Not for a pedantic like me who has already memorized the content of Section 1.2…

> I guess that RFC8742 include sequences of 7049bis CBOR sequences.
> I wonder if Updates 8742 is appropriate.

You still lost me here.
What are 7049 CBOR sequences?

Oh.  We are talking about “Data Streams”.  This probably should mention RFC 8742 (which only happens in 3.1)!

> 
>> If the break stop code appears after a key in a map, in place of that
>> key's value, the map is not well-formed.
> 
> This does mean that the entire map is not well-formed, or just the
> key/value pair where this occurs?  I take the first meaning, but I want to be
> sure.

It says that the map is not well-formed, but of course the whole data item is dubious as it is not clear whether the map has ended or not.  So, again, give up.  Should be clear in Appendix C.

> 3.2.3:
>  (Note that zero-length
>  chunks, while not particularly useful, are permitted.)
> 
> they might be useful in non-TCP/IP situations where it is useful to send a
> "keep-alive" on some channel.

We haven’t addressed general padding in CBOR (which would again require a 1.1 or 2.0 maybe), and I would hate to suggest this here as the only padding that CBOR already offers.

> I think that it might be cleaner to swap the order of sections 3.2 (infinite
> length things), and 3.3 (floating-point and stuff).  This just puts major
> type 7 more in context first.
> 
>> As with all other major types, the 5-bit value 24 signifies a single-
>> byte extension: it is followed by an additional byte to represent the
>> simple value.  (To minimize confusion, only the values 32 to 255 are
>> used.)  This maintains the structure of the initial bytes: as for the
> 
> Or, to put it another way, 5-bit Values 24->31  in table 3 are also "Simple
> Values".    

24, yes, 25 to 27 no (floating point), and 28 to 30 are reserved.
(31 is the break stop code and not a value at all.)

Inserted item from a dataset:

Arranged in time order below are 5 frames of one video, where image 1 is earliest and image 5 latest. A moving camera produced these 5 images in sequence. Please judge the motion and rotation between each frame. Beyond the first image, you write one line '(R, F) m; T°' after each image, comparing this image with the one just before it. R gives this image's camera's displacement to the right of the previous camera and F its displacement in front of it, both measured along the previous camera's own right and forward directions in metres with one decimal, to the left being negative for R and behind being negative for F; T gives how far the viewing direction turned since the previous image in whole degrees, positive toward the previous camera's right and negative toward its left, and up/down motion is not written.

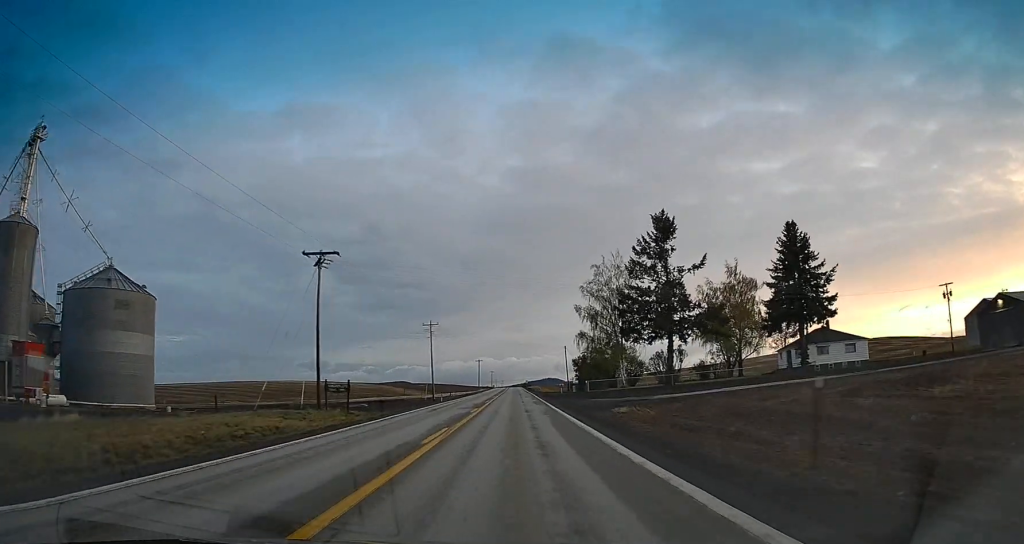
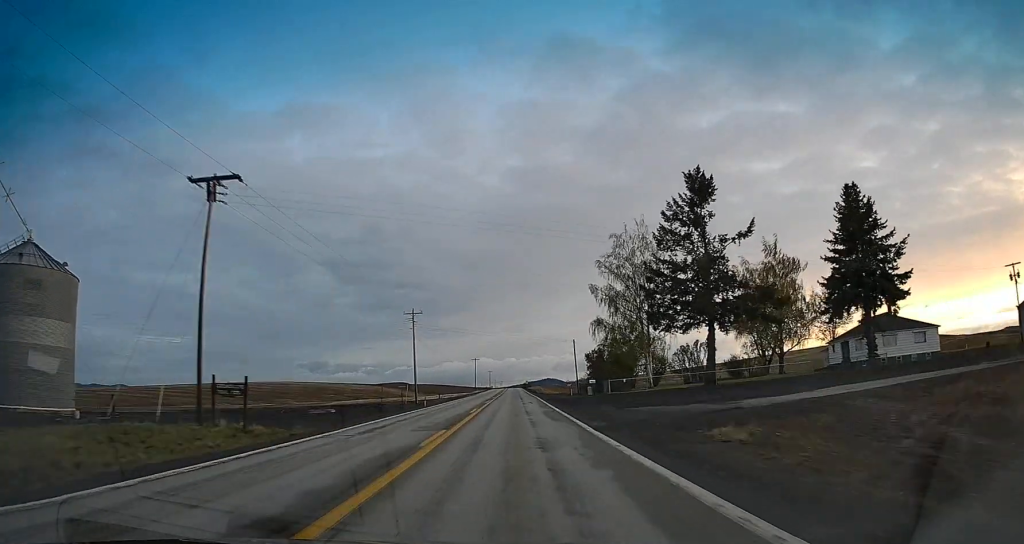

> Could future Simple Values (such as 0..19) can, have complex
> structure the way that values 24->27 do?

No, the general syntax of heads does apply to the unallocated code points as well.

> Or to put it another way, can a decoder depend upon unassigned simple values
> having the one-or-two byte structure presented and be able to skip unknown
> values?  

Yes.

> Or does a decoder that encounters undefined values here have to
> fail?

No:

5.2.: Generic encoders and decoders are
  expected to forward simple values and tags even if their specific
  codepoints are not registered at the time the encoder/decoder is
  written (Section 5.4).

>> formed.  (This implies that an encoder cannot encode false, true,
>> null, or undefined in two-byte sequences, only the one-byte variants
>> of these are well-formed.)
> 
> I here suggest the text say:
> 
> +   formed.  (This implies that an encoder cannot encode false, true,
> +   null, floats, undefined-23, reserved-[28..31], or break in two-byte
> +   sequences, only the one-byte variants of these are well-formed.)

The implication we give doesn’t have to be exhaustive.  The sentence you propose is very confusing because it is at a different level: head syntax, but that is not the issue here.  The text here is about the choice that the general head syntax seems to leave for simple values 0..23, which we are saying it actually doesn’t.

> While it's too late to change, was there a reason "True" didn't get 0b111_00001?

Yes.  An earlier version of CBOR used simple values 0..15 for some form of compression.
So we allocated the other simple values at the top, not at the bottom.

> Clearly False, and Null would then compete to be 0b111_00000, and maybe
> that's reason enough to not play such games.

Right.

> 
> Section 3.4 says:
> 
> }   Their primary purpose in this specification is to define common data
> }   types such as dates.  A secondary purpose is to provide conversion
> }   hints when it is foreseen that the CBOR data item needs to be
> }   translated into a different format, requiring hints about the content
> }   of items.
> 
> I don't think that the "primary purpose" is still just dates.

Dates were an example here (and we might soon have a data tag :-).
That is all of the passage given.